- **Exercise requirements**: Going from the line that contains "It comes 1.9 seconds after image 1." through the last line of the records, set down each line again exactly, both included, with pictures left out.

- **Task inputs**:
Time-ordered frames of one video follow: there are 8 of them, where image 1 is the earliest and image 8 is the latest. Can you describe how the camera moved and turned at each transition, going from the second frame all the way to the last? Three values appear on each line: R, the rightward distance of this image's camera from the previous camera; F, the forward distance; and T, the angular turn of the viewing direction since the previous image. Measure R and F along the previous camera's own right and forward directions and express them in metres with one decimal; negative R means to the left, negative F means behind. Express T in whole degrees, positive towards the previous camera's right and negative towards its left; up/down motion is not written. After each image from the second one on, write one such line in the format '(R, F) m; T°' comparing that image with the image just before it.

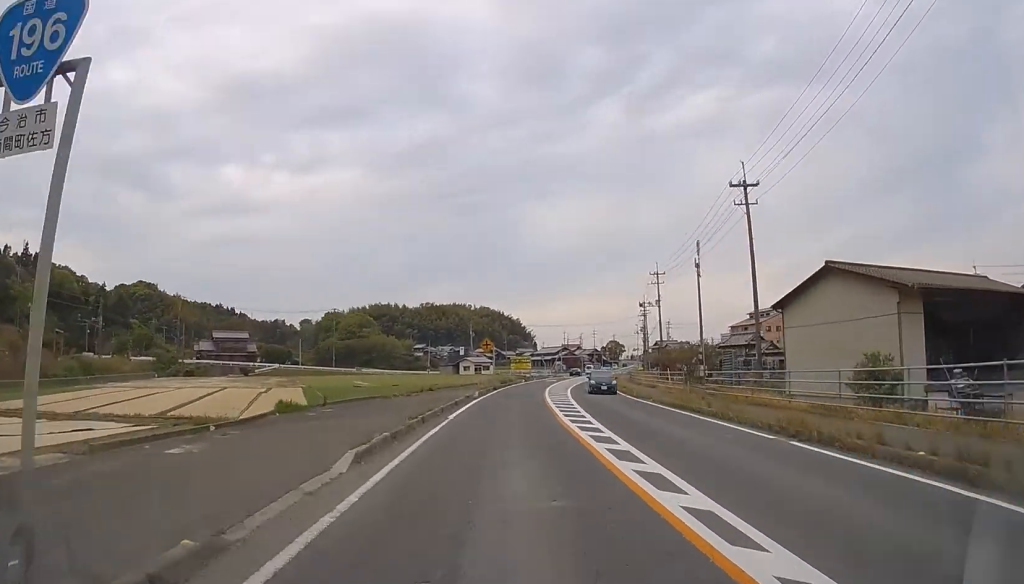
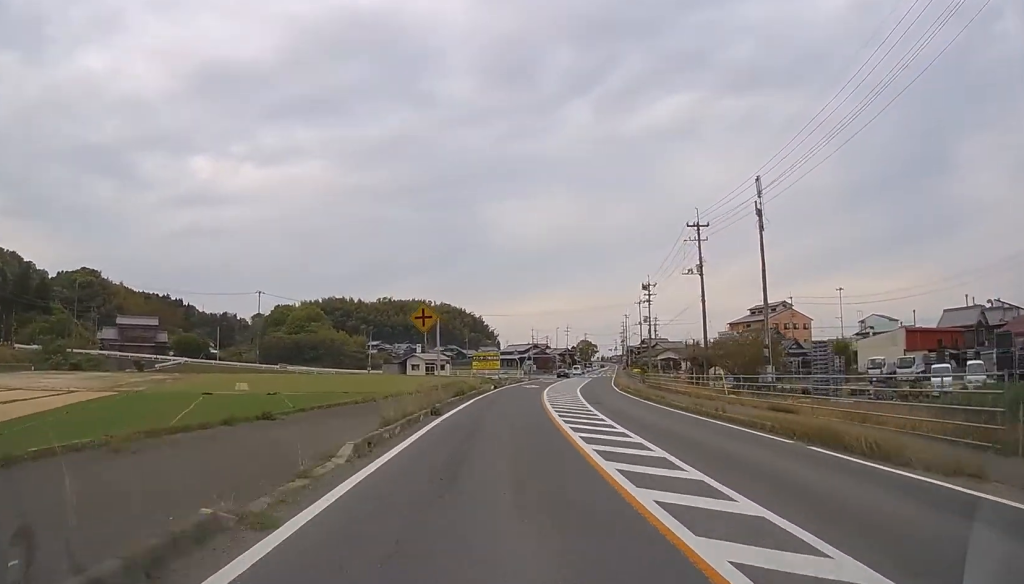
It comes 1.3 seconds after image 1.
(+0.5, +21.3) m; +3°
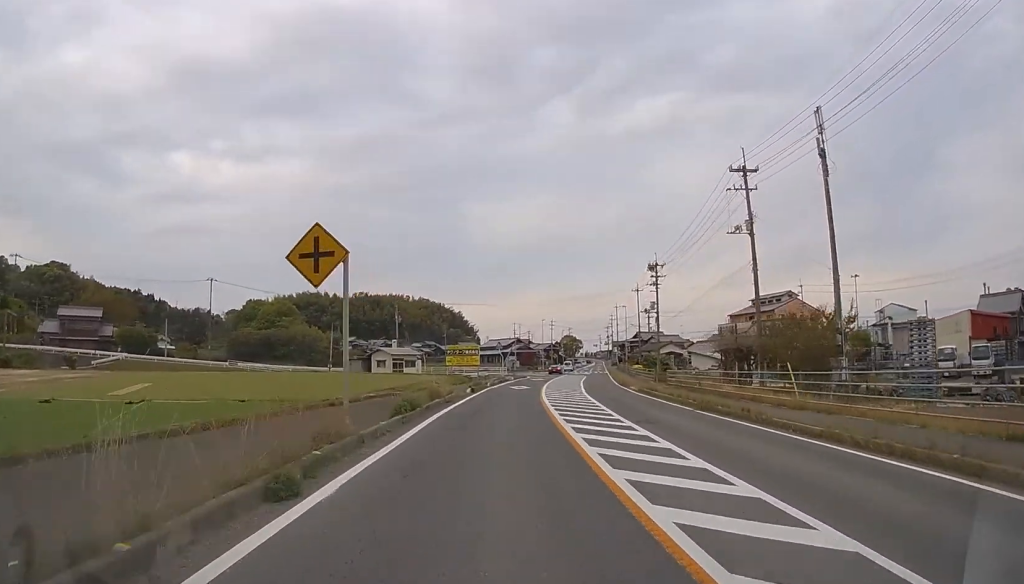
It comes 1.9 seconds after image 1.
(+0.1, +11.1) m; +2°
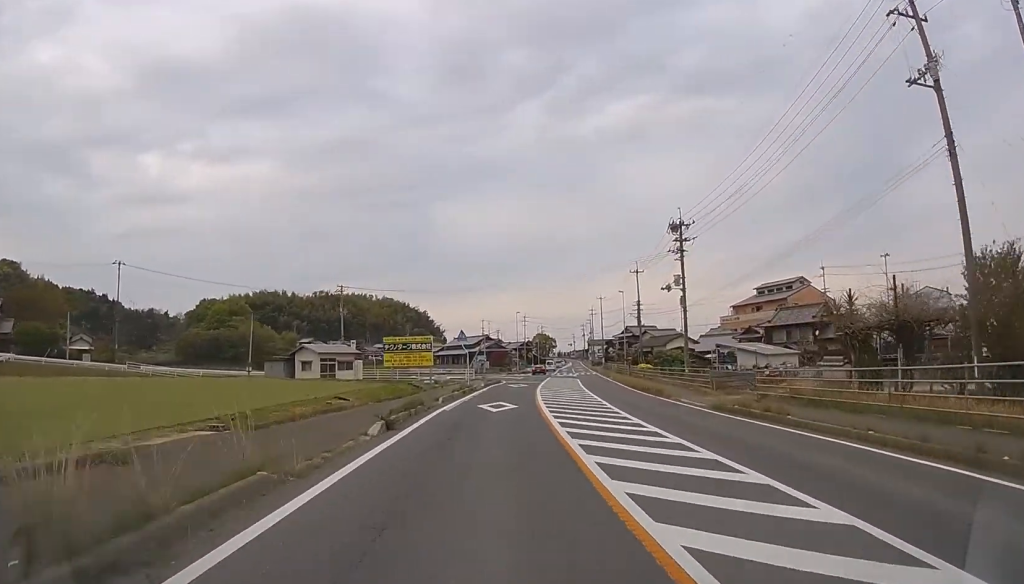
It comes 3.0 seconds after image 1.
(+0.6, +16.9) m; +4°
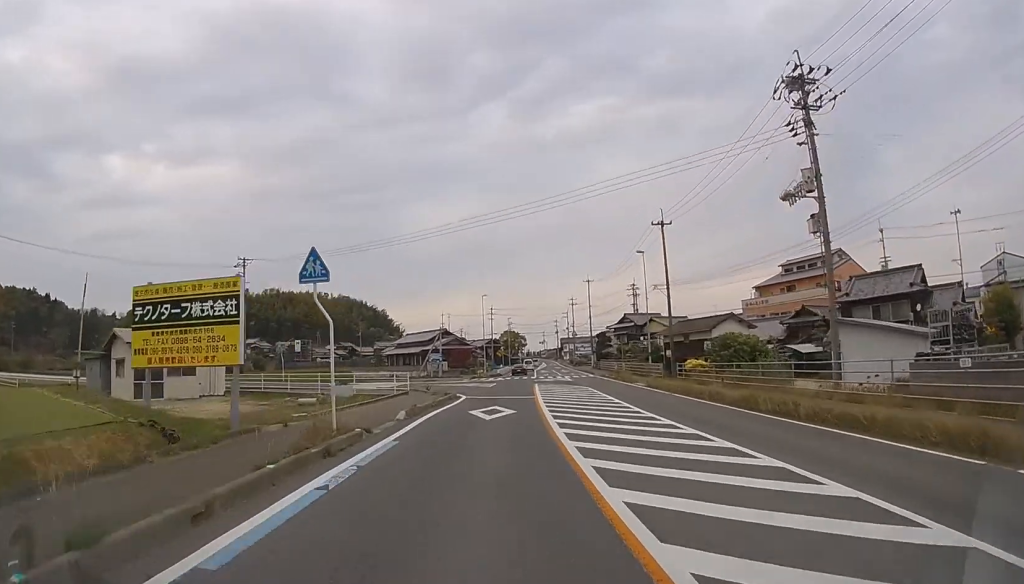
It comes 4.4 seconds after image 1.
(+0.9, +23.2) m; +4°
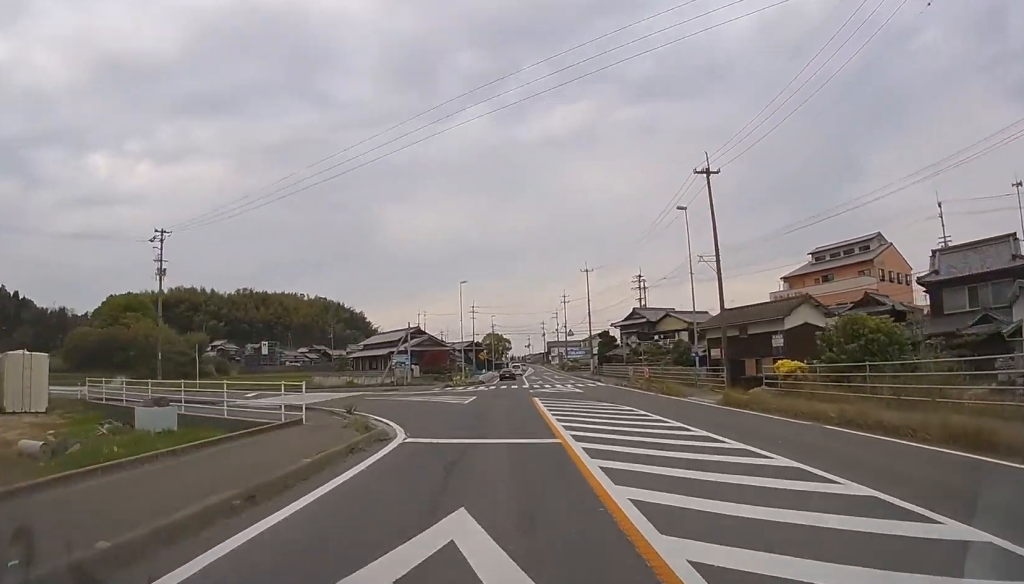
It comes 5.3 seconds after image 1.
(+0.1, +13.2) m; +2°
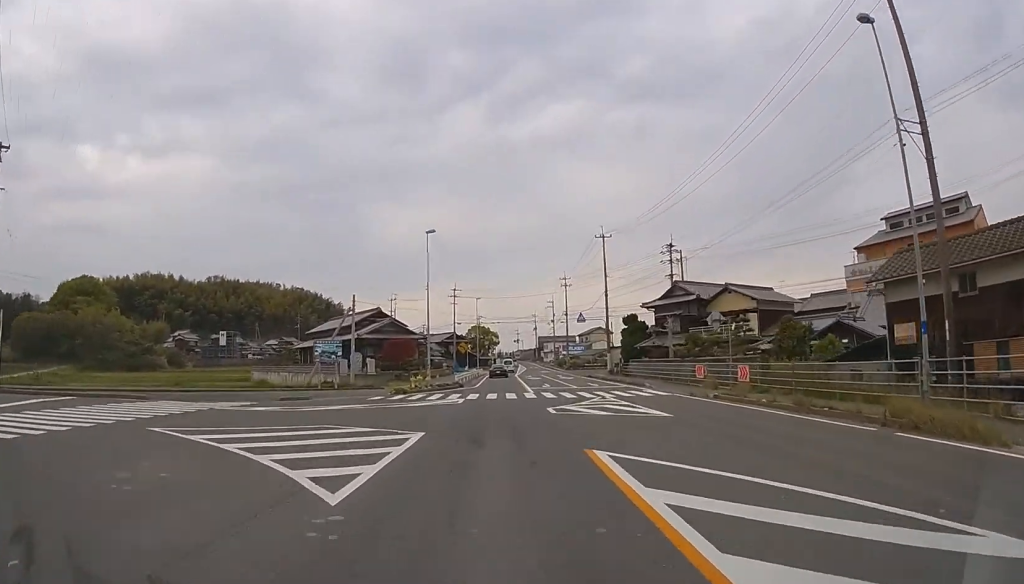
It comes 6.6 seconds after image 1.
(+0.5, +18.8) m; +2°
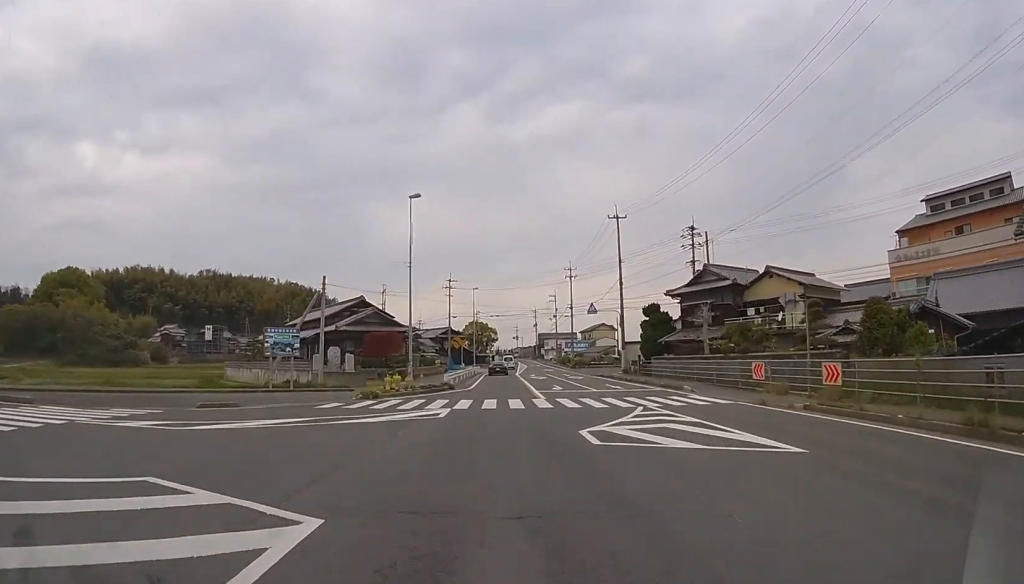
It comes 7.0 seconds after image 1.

- **Answer**:
It comes 1.9 seconds after image 1.
(+0.1, +11.1) m; +2°
It comes 3.0 seconds after image 1.
(+0.6, +16.9) m; +4°
It comes 4.4 seconds after image 1.
(+0.9, +23.2) m; +4°
It comes 5.3 seconds after image 1.
(+0.1, +13.2) m; +2°
It comes 6.6 seconds after image 1.
(+0.5, +18.8) m; +2°
It comes 7.0 seconds after image 1.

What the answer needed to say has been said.